A heuristic approach for checking containment of generalized tree-pattern queries Full text

Pawel Placek, Stefanos Souldatos, Dimitri Theodoratos, Xiaoying Wu, Theodore Dalamagas, Timos Sellis
CIKM 2008: 551-560
2008
Conference/Workshop
Abstract. Query processing techniques for XML data have focused mainly on tree-pattern queries (TPQs). However, the need for querying XML data sources whose structure is very complex or not fully known to the user, and the need to integrate multiple XML data sources with different structures have driven, recently, the suggestion of query languages that relax the complete specification of a tree pattern. In order to implement the processing of such languages in current DBMSs, their containment problem has to be efficiently solved. In this paper, we consider a query language which generalizes TPQs by allowing the partial specification of a tree pattern.
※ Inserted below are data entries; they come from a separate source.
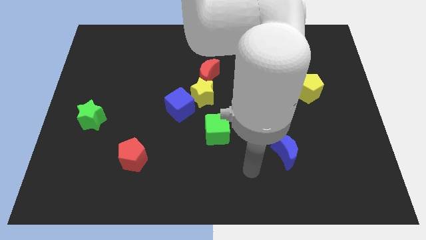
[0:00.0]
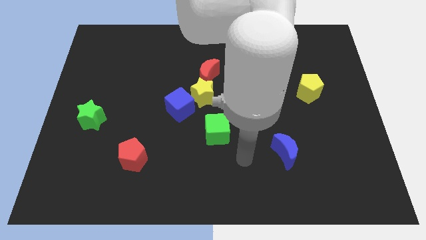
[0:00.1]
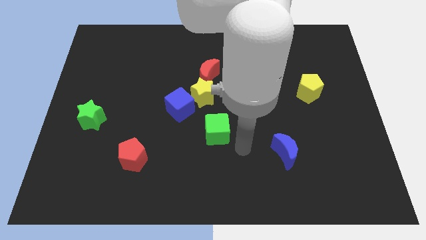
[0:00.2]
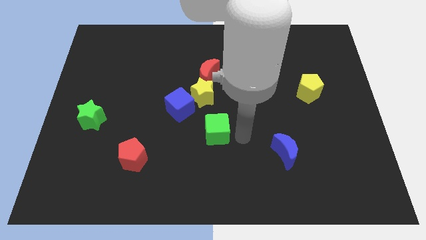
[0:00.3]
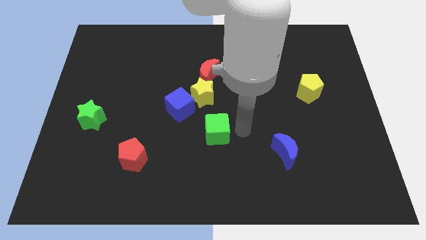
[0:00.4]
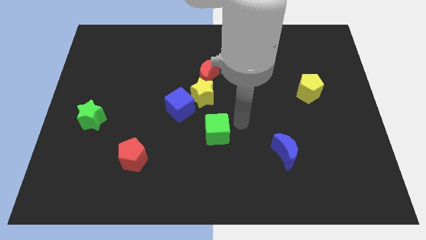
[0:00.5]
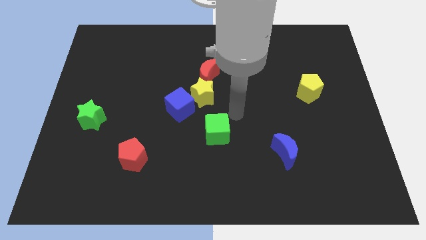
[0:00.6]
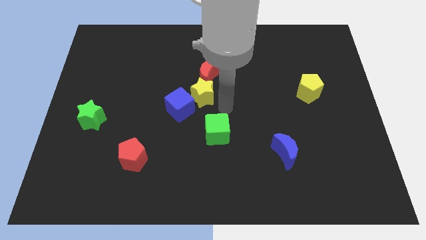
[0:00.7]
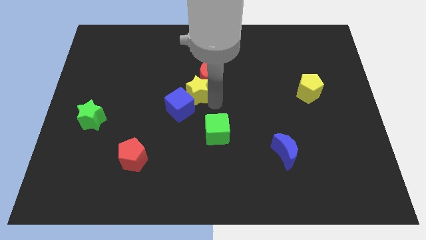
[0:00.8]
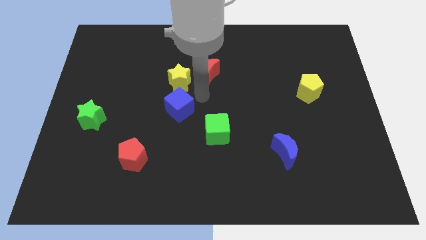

Partial tree-pattern queries (PTPQs) constitute a large fragment of XPath that flexibly permits the specification of a broad range of queries from keyword queries without structure, to queries with partial specification of the structure, to complete TPQs. We address the containment problem for PTPQs. This problem becomes more complex in the context of PTPQs because the partial specification of the structure allows new, non-trivial, structural expressions to be inferred from those explicitly specified in a query. We show that the containent problem cannot be characterized by homomorphisms between PTPQs, even when PTPQs are put in a canonical form that comprises all derived structural expressions. We provide necessary and sufficient conditions for this problem in terms of homomorphisms between PTPQs and (a possibly exponential number of) TPQs. To cope with the high complexity of PTPQ containment, we suggest a heuristic approach for this problem that trades accuracy for speed. An extensive experimental evaluation of our heuristic shows that our heuristic approach can be efficiently implemented in a query optimizer.